Preocupada com alunos isolados em casa e sem acesso à internet, estudante arrecadou 500 livros e apostilas para doação. Ela é a convidada do 'Diário da quarentena' de hoje


postado em 23/04/2020 04:00


Diário da quarentena  
Anna Luiza Soares Guimarães
estudante


De repente, a quarentena chegou e me pegou de surpresa. Eu, que estudo para o Exame Nacional do Ensino Médio (Enem) há quatro anos e tenho apenas essa prova como porta de entrada para as universidades que almejo, senti medo. Um medo enorme do que aconteceria com a prova neste ano. Vão mudar a data? Como vou estudar tudo em casa? Quem vai sanar minhas dúvidas? Quem vai corrigir as minhas redações semanais? Será que terei de fazer outro ano de cursinho? Enfim, esse é o meu caso e o de muitos outros estudantes que tiveram as aulas suspensas.

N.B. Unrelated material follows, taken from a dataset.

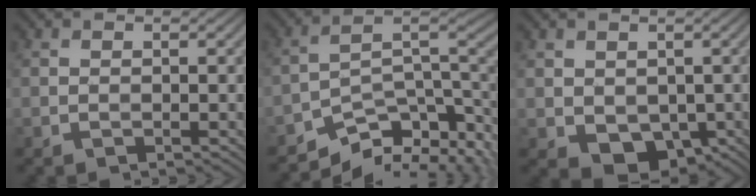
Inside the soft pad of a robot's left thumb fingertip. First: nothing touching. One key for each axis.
{"total": 11.2, "fx": -6.7, "fy": 5.5, "fz": 7.1, "tx": -0.107, "ty": -0.008, "tz": -0.101}
{"total": 4.8, "fx": -0.6, "fy": 3.6, "fz": 3.0, "tx": -0.066, "ty": -0.019, "tz": -0.005}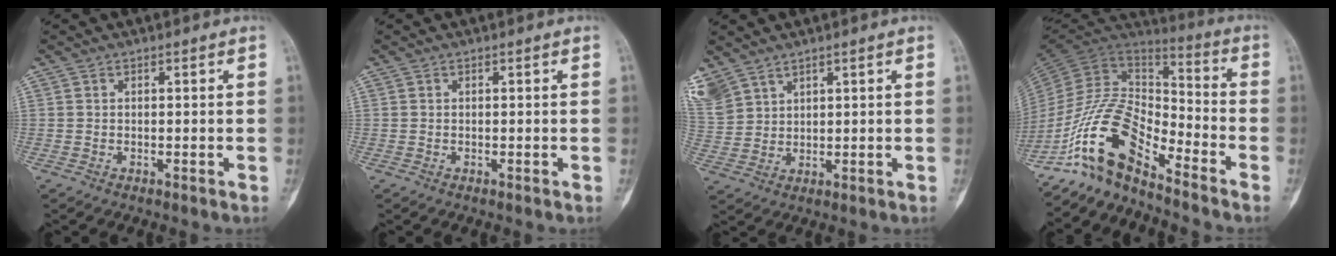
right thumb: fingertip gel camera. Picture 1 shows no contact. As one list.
[{"total": 0.0}, {"total": 9.9, "force": [6.4, 6.3, 4.1], "torque": [-0.116, -0.006, 0.145]}, {"total": 15.0, "force": [-10.4, 5.8, 9.2], "torque": [-0.157, 0.091, -0.207]}]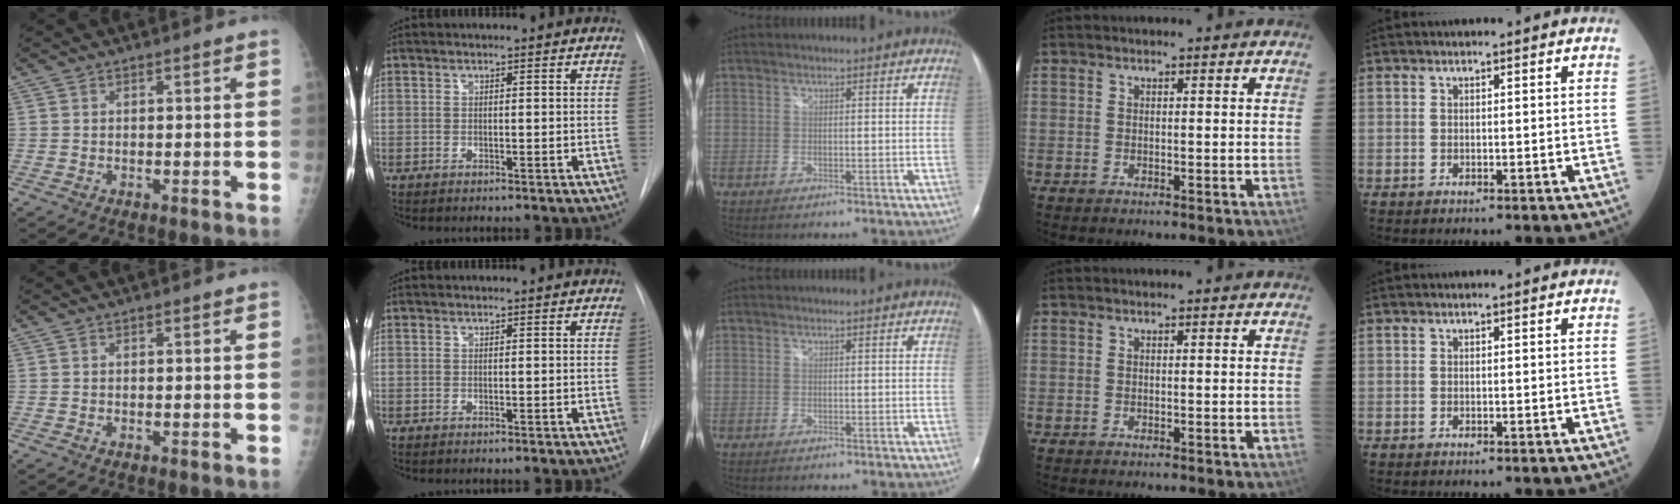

Então, comecei a estudar reclusa em casa e vi um cenário que me surpreendeu bastante: a tecnologia e a internet. Elas vêm sendo as aliadas mais fortes neste momento. Tenho um bom computador, um bom celular e boa internet. Meus professores conseguiram manter as aulas on-line. Assisto às aulas por aplicativos e plataformas digitais. Além disso, os professores mantêm contato direto comigo e com a minha turma por meio de grupos no WhatsApp. Depois disso, vi que não ficaria desamparada até a quarentena acabar. Bola pra frente!

Tudo fluía bem até que os órgãos governamentais responsáveis pelo Enem divulgaram a data do exame. Para o desespero de muitos, mantiveram a mesma data prevista antes do surto do coronavírus. Estávamos há quase um mês estudando em casa e parece que não deram importância alguma a isso. O Instagram oficial do Inep (órgão que elabora o Enem) chegou a postar um vídeo dando algumas explicações – constrangedoras, a meu ver – sobre a data da prova e a relação dela com o atual cenário. Nesse vídeo, estão o ministro da Educação e o presidente do Inep, que disse coisas que me revoltaram. Ele se dirigiu aos estudantes com a seguinte frase: “Eu sei que o coronavírus atrapalha, mas atrapalha todo mundo. Como há uma competição, tá justo”.

''Não existe competição justa neste momento''



Na minha opinião, não existe competição justa neste momento. Pensei em todos os estudantes que estão sem o apoio dos professores, como eu tenho, e não têm acesso à internet. Decidi arrecadar materiais didáticos físicos para entregar às pessoas sem suporte adequado para continuar os estudos. Uma amiga sugeriu que fizéssemos um Google Drive e materiais didáticos focados no Enem para serem usados por quem tem internet e pode ser beneficiado por eles. Dessa forma, a campanha ajuda quem está sem aula on-line e sem apoio. O drive ajuda os que têm internet.

Aos poucos, as pessoas tomaram conhecimento do projeto, muitos se dispuseram a doar e outros pediram materiais. Lancei a campanha em 1º de abril – hoje, 16 de abril, completei pouco mais de 500 materiais, entre livros, apostilas e coleções completas.

Muitas pessoas apoiaram a ideia de chegar aos alunos que mais precisam. Funciona da seguinte forma: quem entra em contato comigo pelo Instagram ou pelo Whatsapp oferece material. Eu busco as doações. As pessoas que querem o material também entram em contato pelas redes sociais. Os materiais são encaminhados de acordo com o interesse de cada estudante. Converso com um por um, mando as fotos do que tenho e deixo que escolham. Em seguida, faço um kit personalizado. Até hoje, foram 33 doações. Parece pouco diante dos 500 materiais, mas elas saem muito rápido. Já preciso repor o estoque (rsrs)...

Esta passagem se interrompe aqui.